(Items from a dataset)
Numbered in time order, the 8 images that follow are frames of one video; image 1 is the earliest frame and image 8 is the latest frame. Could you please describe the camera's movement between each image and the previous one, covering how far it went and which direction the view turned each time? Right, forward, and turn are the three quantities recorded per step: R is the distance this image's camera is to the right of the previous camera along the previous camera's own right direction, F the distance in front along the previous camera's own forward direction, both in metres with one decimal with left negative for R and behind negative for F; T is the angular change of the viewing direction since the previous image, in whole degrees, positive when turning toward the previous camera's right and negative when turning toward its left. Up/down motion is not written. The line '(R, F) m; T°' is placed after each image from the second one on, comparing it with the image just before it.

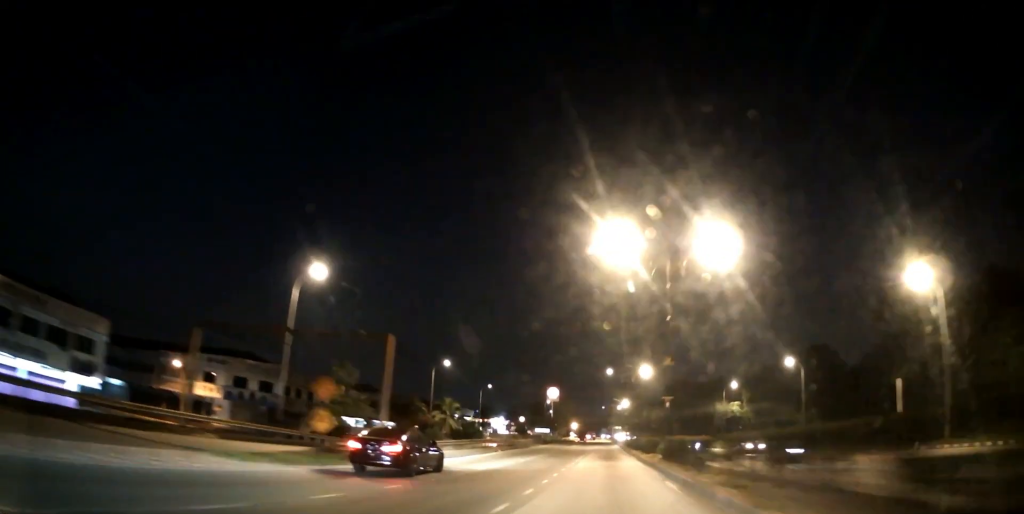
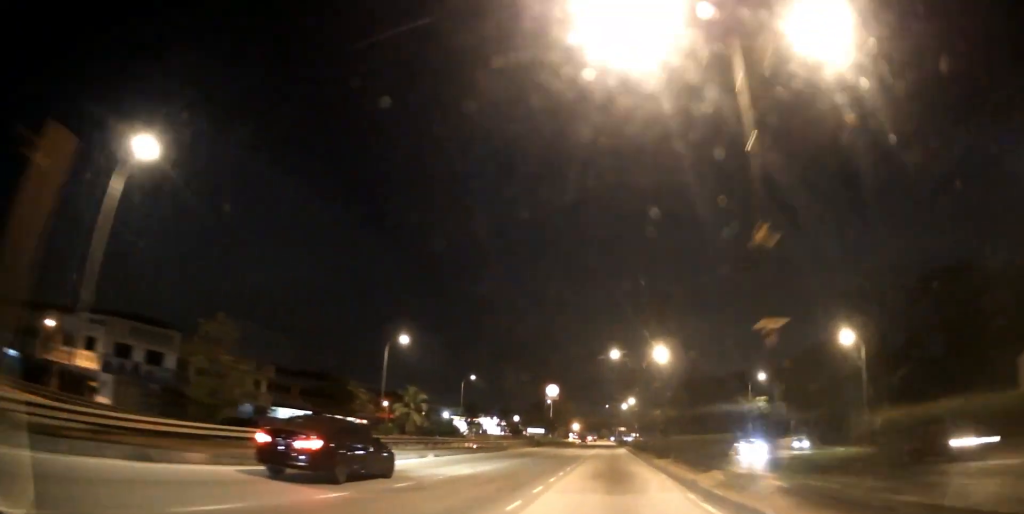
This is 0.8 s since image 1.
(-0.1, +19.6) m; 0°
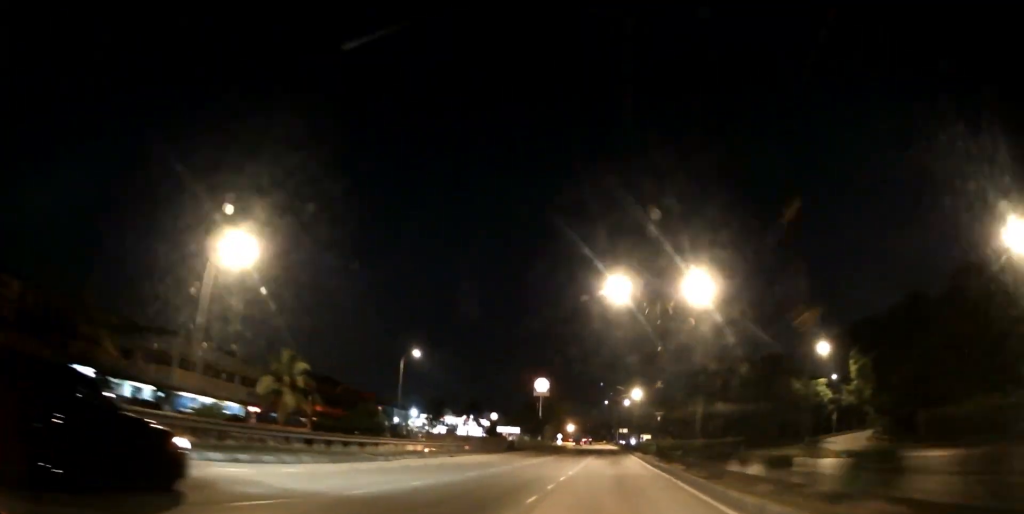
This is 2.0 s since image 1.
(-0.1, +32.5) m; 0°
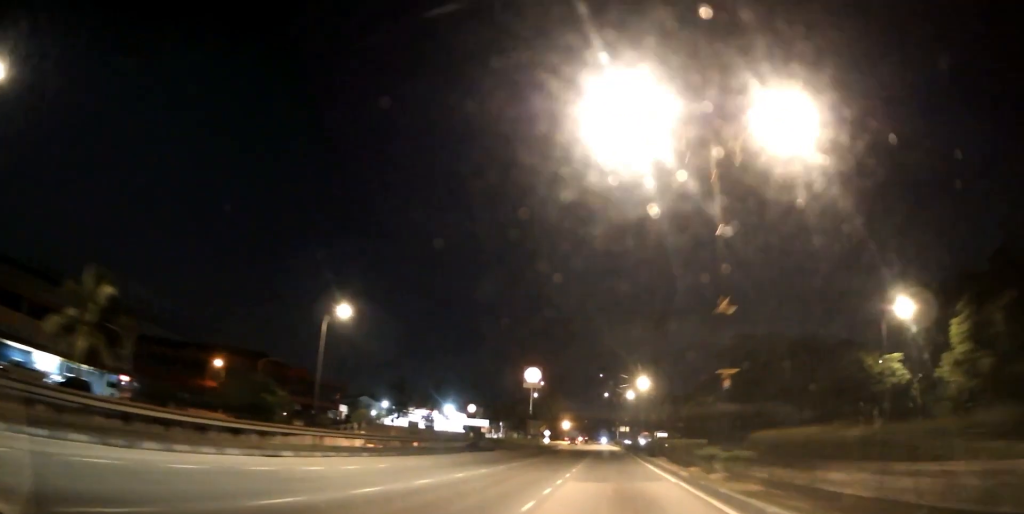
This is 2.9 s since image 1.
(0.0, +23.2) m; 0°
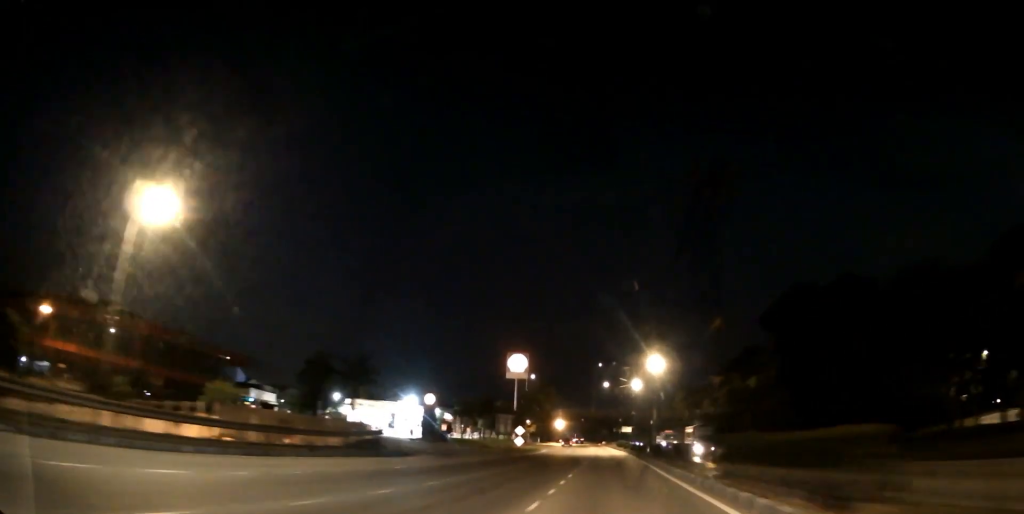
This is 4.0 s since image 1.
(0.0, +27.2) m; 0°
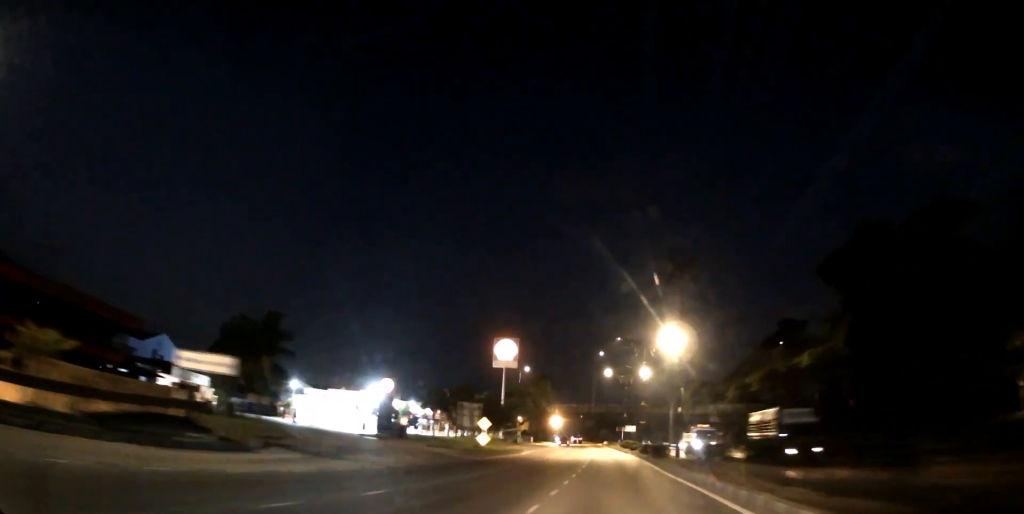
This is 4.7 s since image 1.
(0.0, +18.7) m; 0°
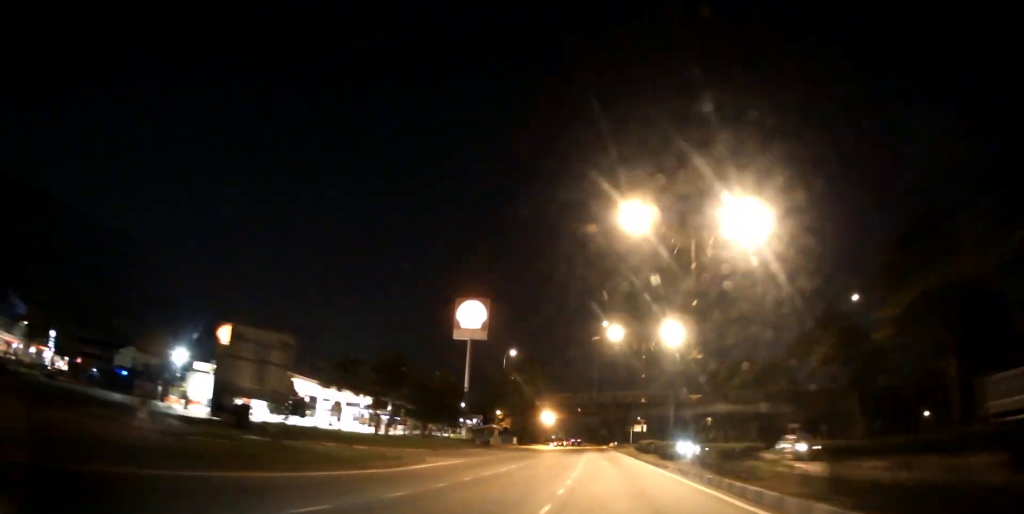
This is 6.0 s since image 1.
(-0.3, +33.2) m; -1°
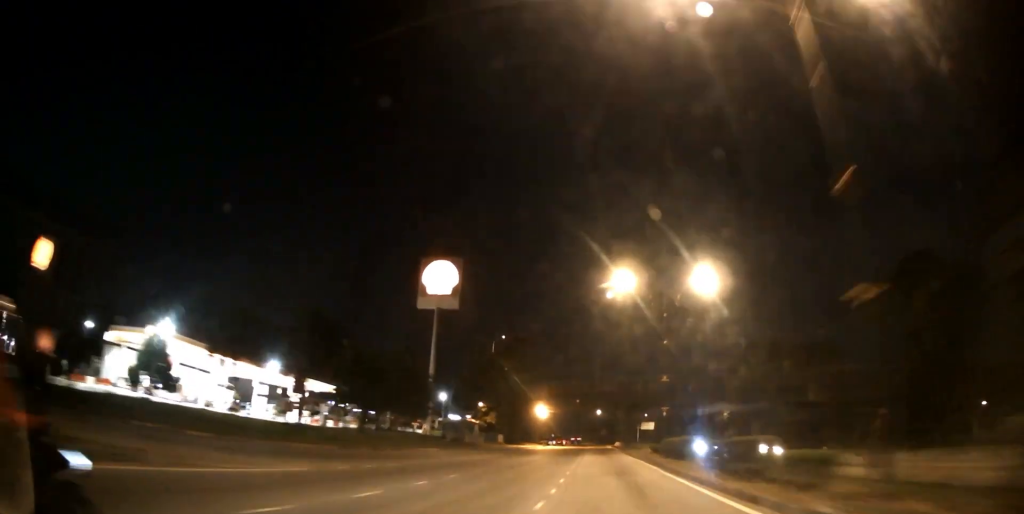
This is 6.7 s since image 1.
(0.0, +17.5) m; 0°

#### The problem
Pictures are to be left out; repeat all the remaining data exactly.

#### Result of this exercise
Numbered in time order, the 8 images that follow are frames of one video; image 1 is the earliest frame and image 8 is the latest frame. Could you please describe the camera's movement between each image and the previous one, covering how far it went and which direction the view turned each time? Right, forward, and turn are the three quantities recorded per step: R is the distance this image's camera is to the right of the previous camera along the previous camera's own right direction, F the distance in front along the previous camera's own forward direction, both in metres with one decimal with left negative for R and behind negative for F; T is the angular change of the viewing direction since the previous image, in whole degrees, positive when turning toward the previous camera's right and negative when turning toward its left. Up/down motion is not written. The line '(R, F) m; T°' is placed after each image from the second one on, comparing it with the image just before it.

This is 0.8 s since image 1.
(-0.1, +19.6) m; 0°
This is 2.0 s since image 1.
(-0.1, +32.5) m; 0°
This is 2.9 s since image 1.
(0.0, +23.2) m; 0°
This is 4.0 s since image 1.
(0.0, +27.2) m; 0°
This is 4.7 s since image 1.
(0.0, +18.7) m; 0°
This is 6.0 s since image 1.
(-0.3, +33.2) m; -1°
This is 6.7 s since image 1.
(0.0, +17.5) m; 0°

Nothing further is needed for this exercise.